== Your goal ==
Please give back, exactly as written, the lines from the line with "0.6 s after image 1." to the line with "5.4 s after image 1." in the listing below, leaving out all pictures.

== Data records ==
────
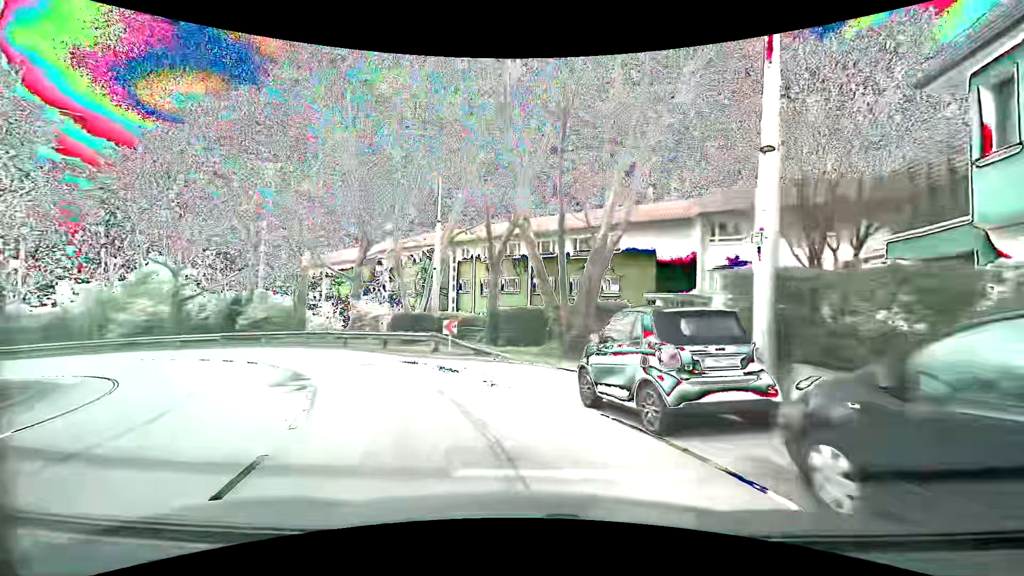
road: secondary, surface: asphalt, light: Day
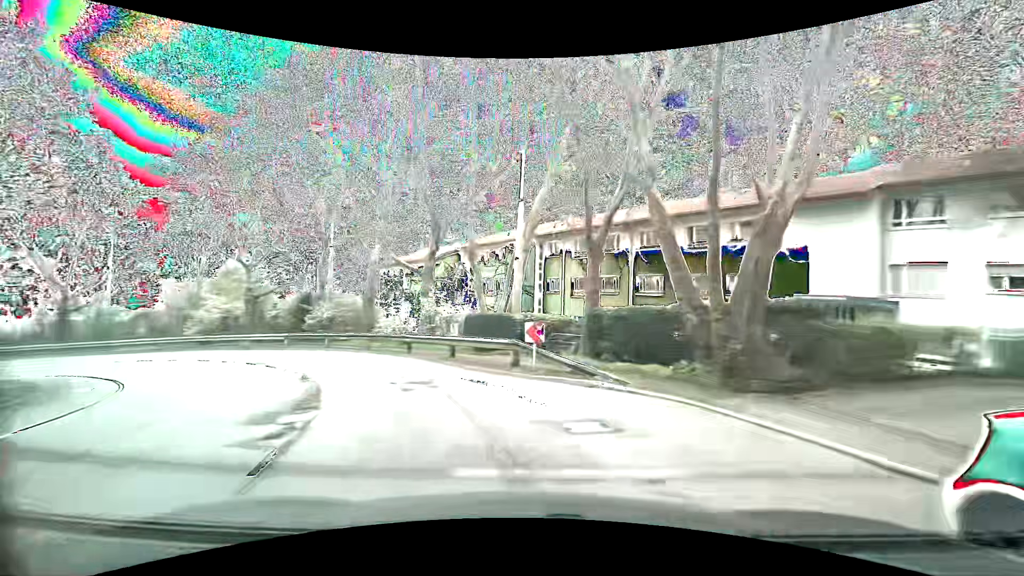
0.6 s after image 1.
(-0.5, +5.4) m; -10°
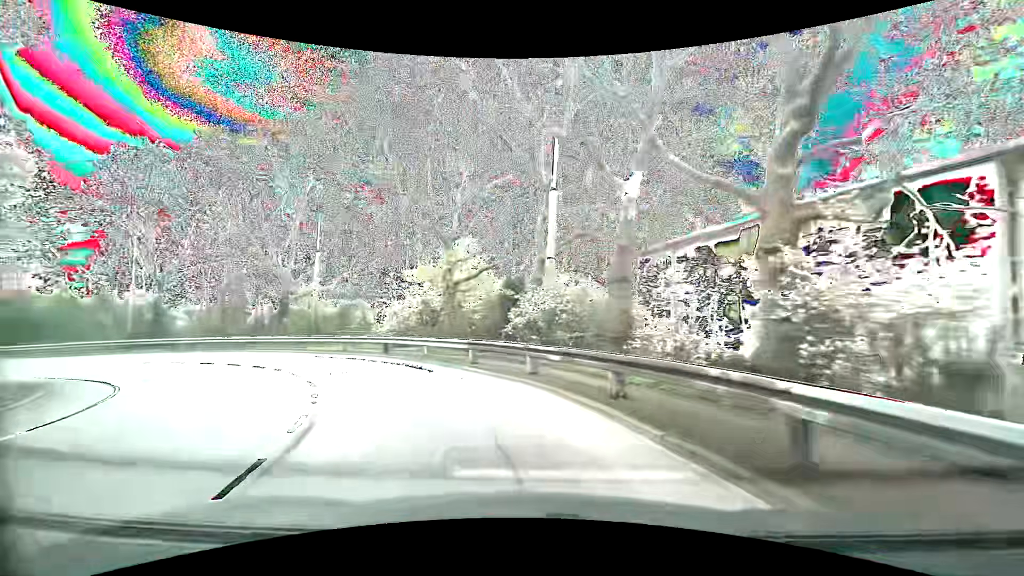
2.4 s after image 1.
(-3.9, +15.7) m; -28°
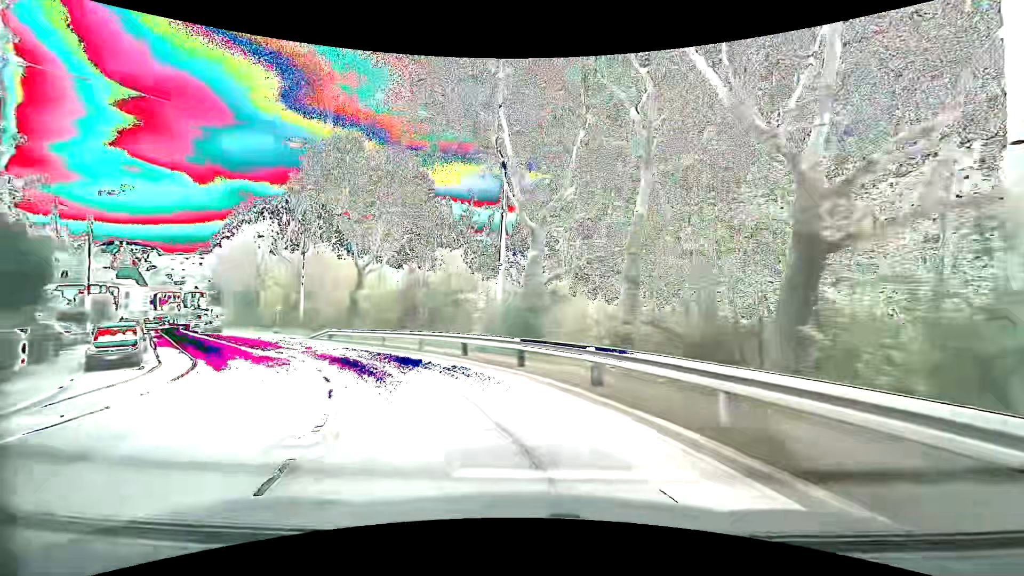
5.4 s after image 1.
────
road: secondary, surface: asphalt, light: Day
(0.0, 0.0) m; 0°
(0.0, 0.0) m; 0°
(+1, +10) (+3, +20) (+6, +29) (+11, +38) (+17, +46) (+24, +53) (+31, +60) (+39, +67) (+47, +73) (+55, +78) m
────
== Exercise solution ==
0.6 s after image 1.
(-0.5, +5.4) m; -10°
2.4 s after image 1.
(-3.9, +15.7) m; -28°
5.4 s after image 1.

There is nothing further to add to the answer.